[Collected data entries]
============================================================
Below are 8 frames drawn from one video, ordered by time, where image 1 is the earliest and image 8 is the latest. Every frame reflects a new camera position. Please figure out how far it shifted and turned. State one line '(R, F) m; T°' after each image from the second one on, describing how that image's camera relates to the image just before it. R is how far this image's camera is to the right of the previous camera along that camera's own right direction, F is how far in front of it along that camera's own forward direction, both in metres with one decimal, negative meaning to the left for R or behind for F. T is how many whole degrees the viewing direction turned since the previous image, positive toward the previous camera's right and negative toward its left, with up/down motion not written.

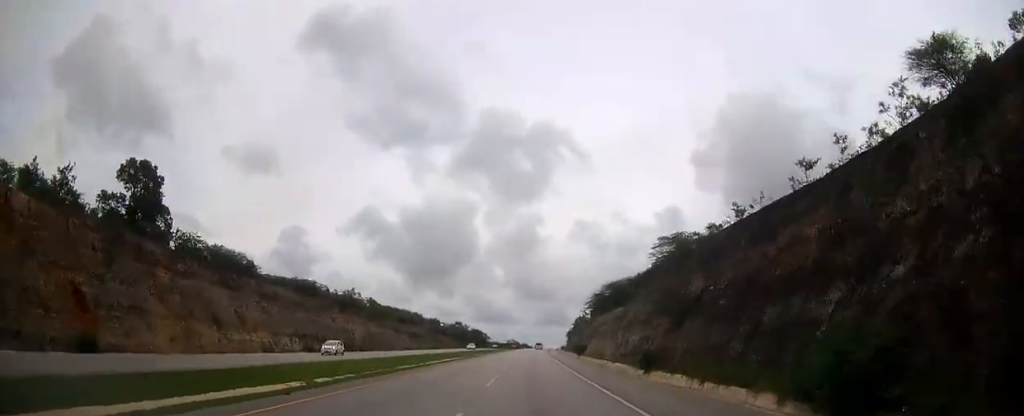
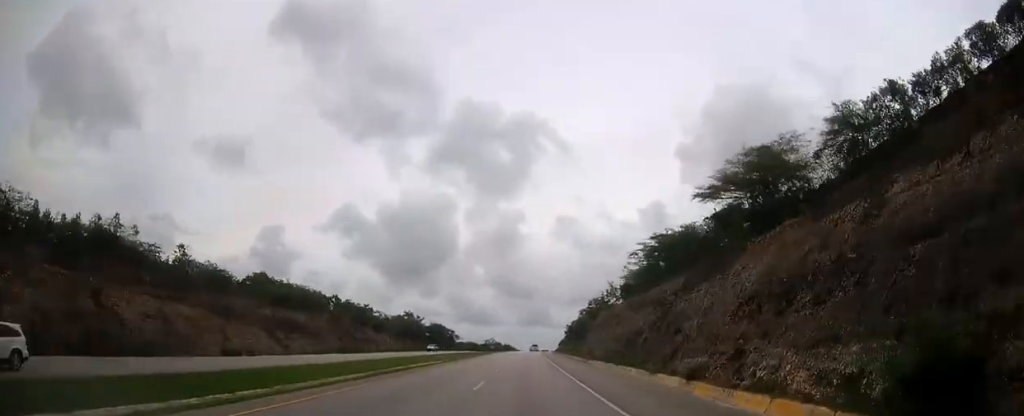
(+0.9, +72.3) m; +1°
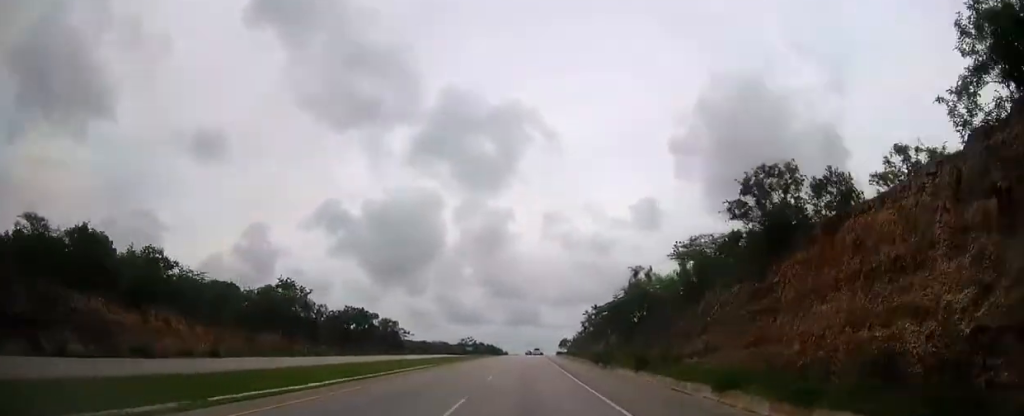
(+0.9, +79.8) m; +1°
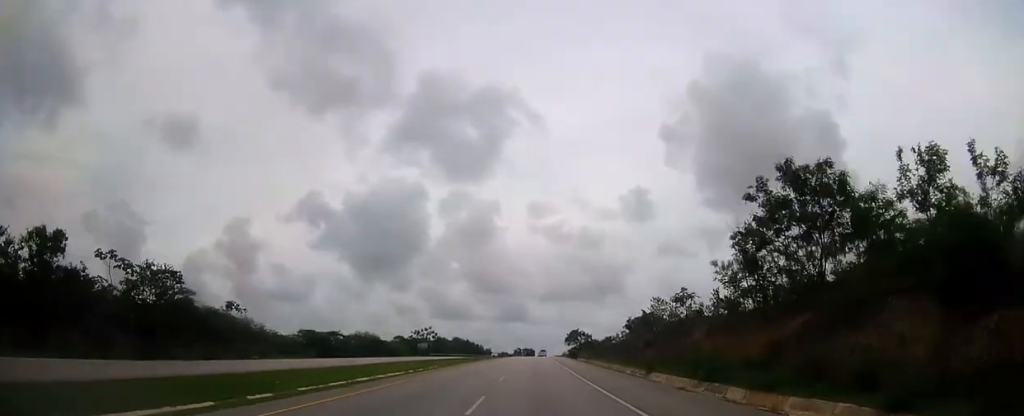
(+0.8, +82.5) m; +1°
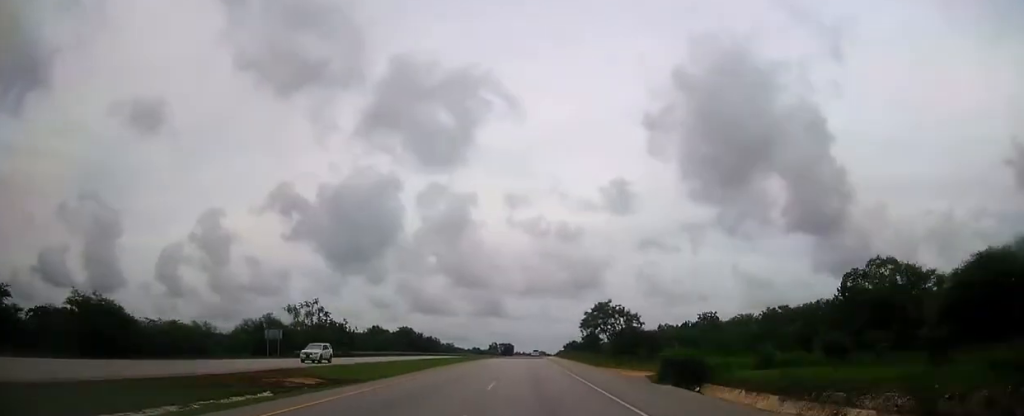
(+0.9, +75.7) m; +1°
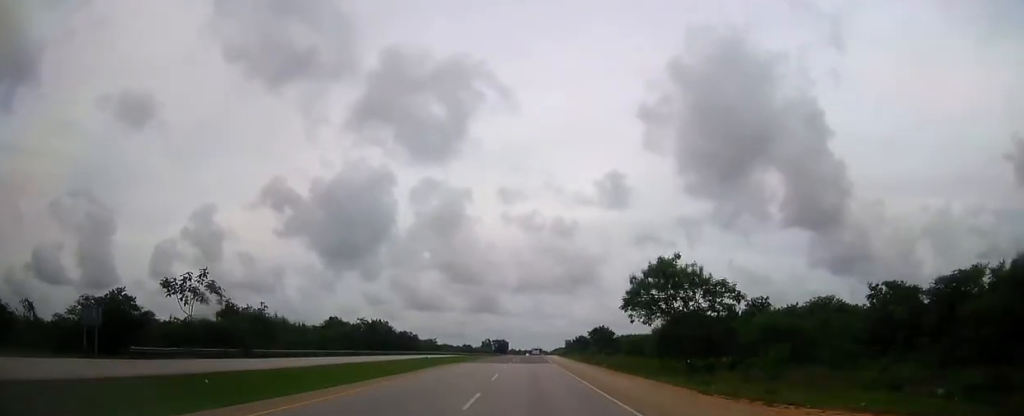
(+0.3, +31.2) m; 0°
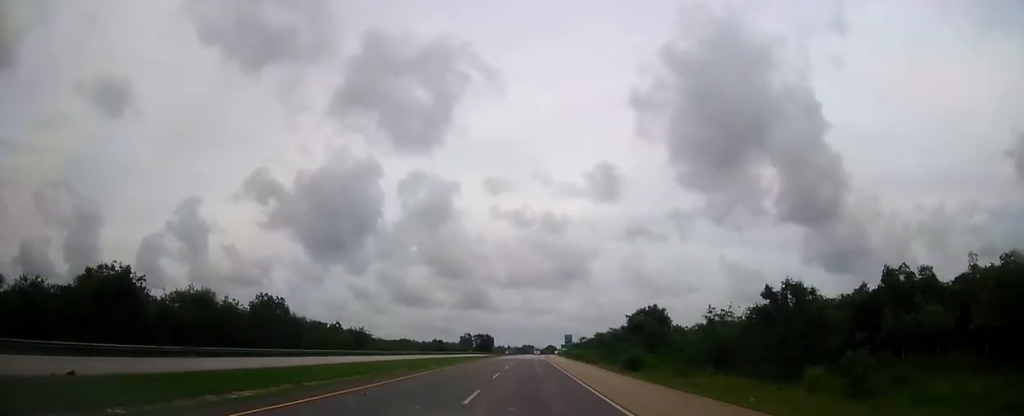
(+0.7, +70.6) m; +1°
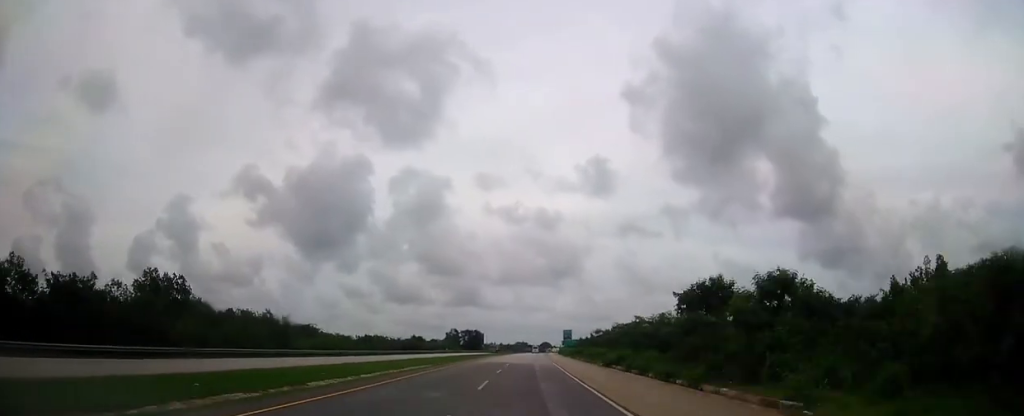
(0.0, +30.9) m; 0°
============================================================
## Task statement
Your response must restate every record above exactly, with each picture omitted.

## Answer area
Below are 8 frames drawn from one video, ordered by time, where image 1 is the earliest and image 8 is the latest. Every frame reflects a new camera position. Please figure out how far it shifted and turned. State one line '(R, F) m; T°' after each image from the second one on, describing how that image's camera relates to the image just before it. R is how far this image's camera is to the right of the previous camera along that camera's own right direction, F is how far in front of it along that camera's own forward direction, both in metres with one decimal, negative meaning to the left for R or behind for F. T is how many whole degrees the viewing direction turned since the previous image, positive toward the previous camera's right and negative toward its left, with up/down motion not written.

(+0.9, +72.3) m; +1°
(+0.9, +79.8) m; +1°
(+0.8, +82.5) m; +1°
(+0.9, +75.7) m; +1°
(+0.3, +31.2) m; 0°
(+0.7, +70.6) m; +1°
(0.0, +30.9) m; 0°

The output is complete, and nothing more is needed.